In case you don't know my cuttle tank is a custom 90 gallon its 36x24x24. Lots of live rock, lots of hiding spaces, I even put a breeder net full of cheato in to give them an additional option + I'm hoping eggs will be layed in there.

I started with about 12-13 in the tank now I'd say I'm down to about 5-6. It is not a water quality or food quantity issue. They are fed daily and the tank has a very powerful skimmer and corals are doing well. I have seen the rings on cuttlefish that i learned on here are a result of fighting. One who has since died also had a very puffy eye.

I have seen lots of mating an courting but no eggs yet. I am assuming most of the fighting is a result of mating, but I can't say for certain. This is my experience with a larger group thus far. I'd love to hear others.
 
I put 5 in a 40 breeder at around 3 mos. old. There was some posturing and minor squabbles at first. Into month 4 the fighting went to another level, at times approaching violent. Coming into month 5 fighting was bad enough that I had to pull out all but the male/female pair.
Now, they are fed well.

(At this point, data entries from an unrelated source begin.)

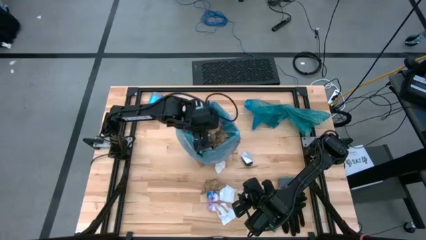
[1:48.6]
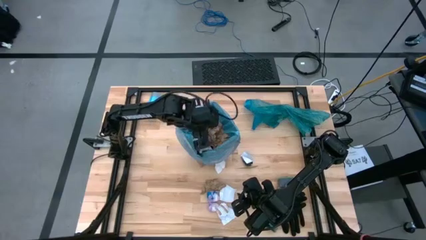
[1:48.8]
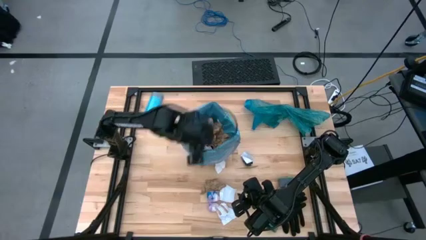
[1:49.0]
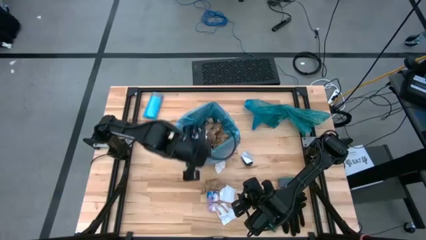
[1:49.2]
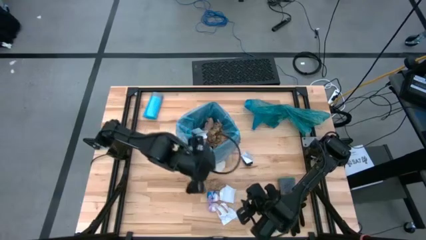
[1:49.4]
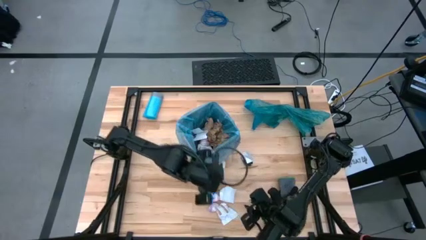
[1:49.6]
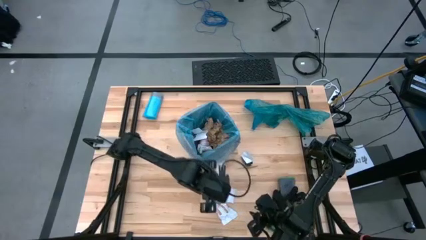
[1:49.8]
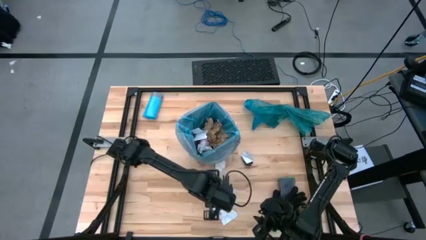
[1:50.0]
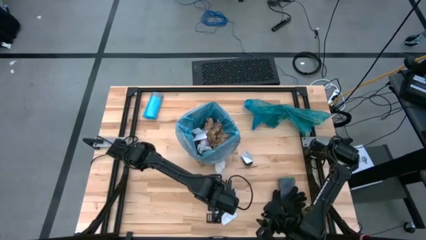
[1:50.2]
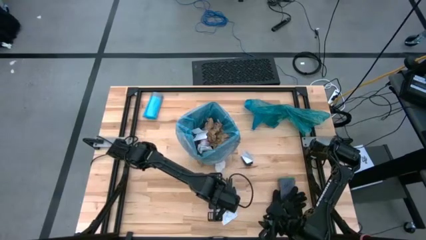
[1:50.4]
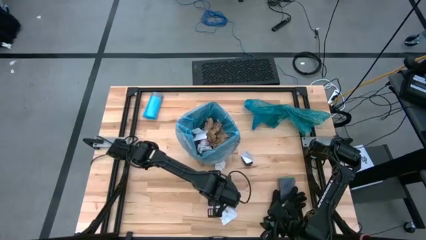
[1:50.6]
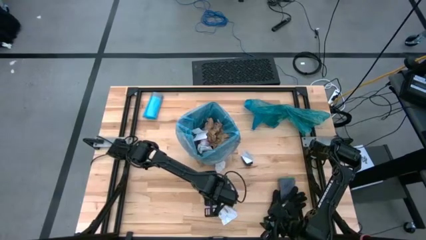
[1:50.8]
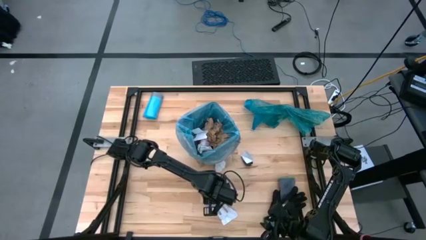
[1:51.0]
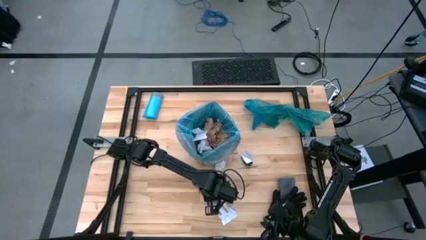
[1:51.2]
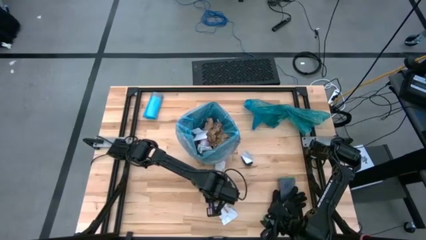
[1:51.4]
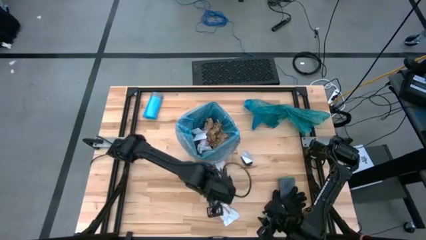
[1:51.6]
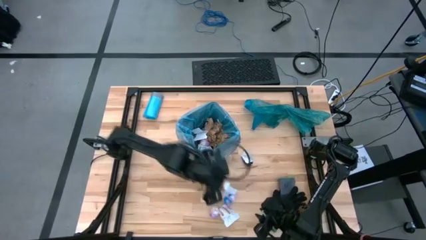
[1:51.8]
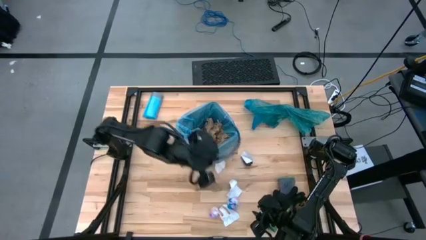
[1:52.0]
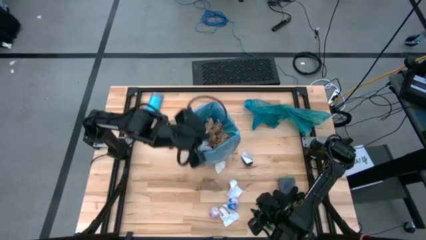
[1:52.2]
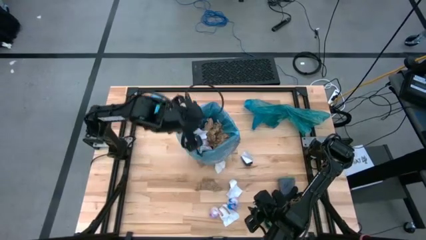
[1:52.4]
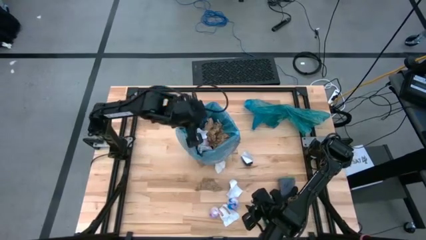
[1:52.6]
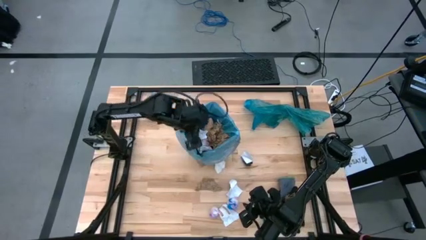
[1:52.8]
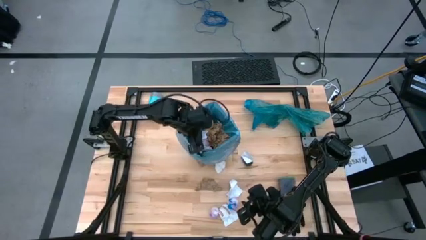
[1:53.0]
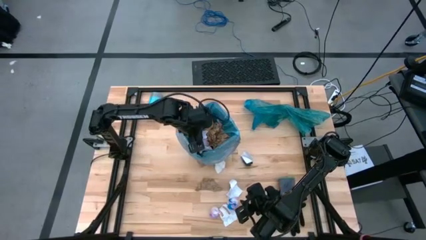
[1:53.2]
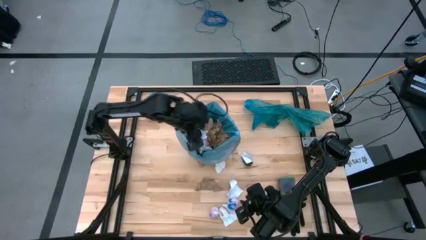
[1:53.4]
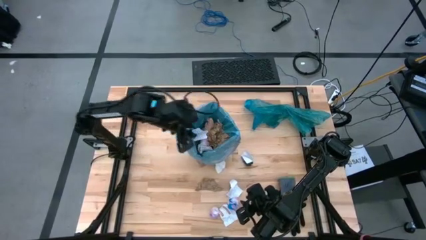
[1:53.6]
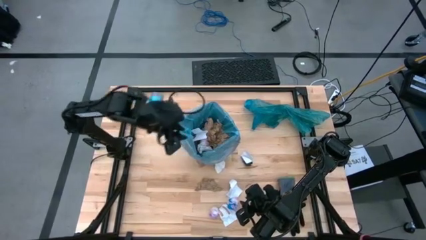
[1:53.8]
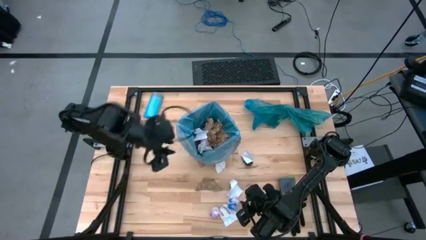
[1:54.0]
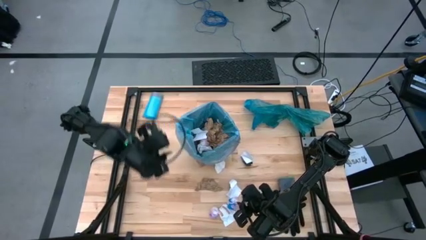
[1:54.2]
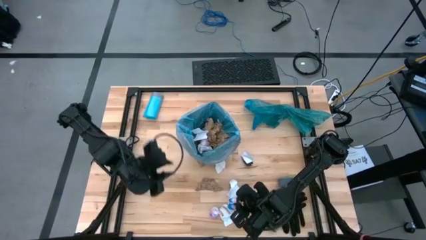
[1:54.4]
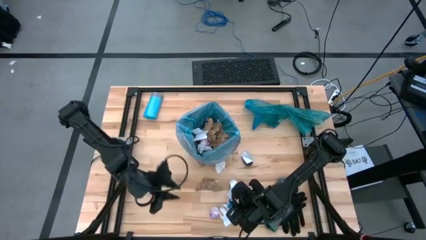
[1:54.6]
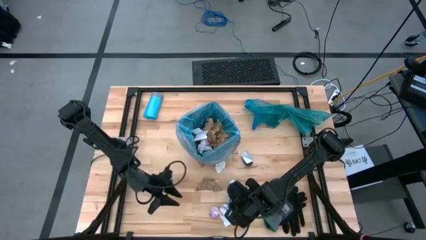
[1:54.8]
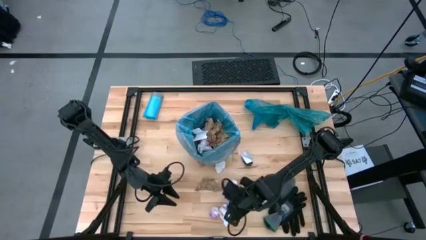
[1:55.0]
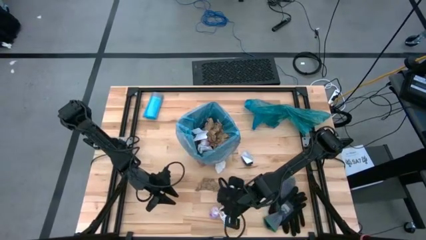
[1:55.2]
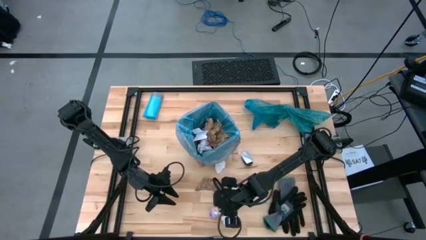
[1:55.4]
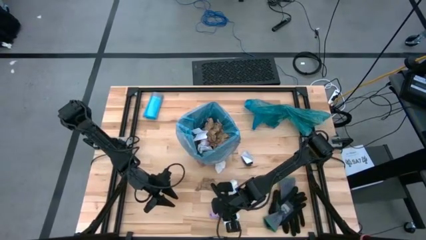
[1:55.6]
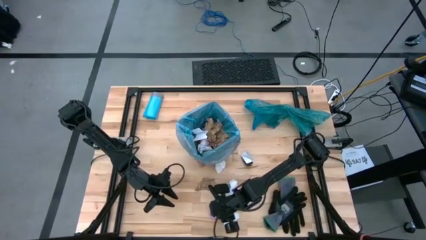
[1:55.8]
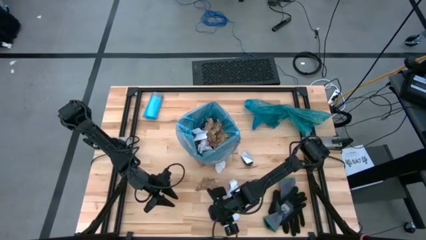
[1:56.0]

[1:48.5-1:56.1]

If I run out of live foods and resort to frozen krill, which does not seem to satiate them as well, then even these only 2 will fight over food if I can't get them both fed within a few seconds of each other.
Another observation with 2 I gave to a friend, kept in a 30 cube. I thought were males until one laid eggs (had one hatch already). When feeding once, one got the first piece, the other attacked it, again and again. The fleeing one succumbed possibly from injuring itself as damage was to tail of mantle.
I guess my point is maybe possible to keep more (in larger tank) but to keep them fed well to avoid fighting. I don't think these can be over fed but that is just a guess. Mine won't eat for several hours to a day after devouring a sizable (for them) crab.
 
All I can say is that from my personal observations keeping one male with one female results in a total love fest. No fighting over food. Lots of snuggling and lots of ceph sex. Maybe I feed them too much. :smile:
 
In anything less than 120 gallons you can keep large numbers until they start to get sexy. Then you need to refine the group, or they will do it for you. 5-6 with the right ratio of males to females seems to be about right - I am not defining the ratio because the size of the males seems to be important. Larger males equals fighting.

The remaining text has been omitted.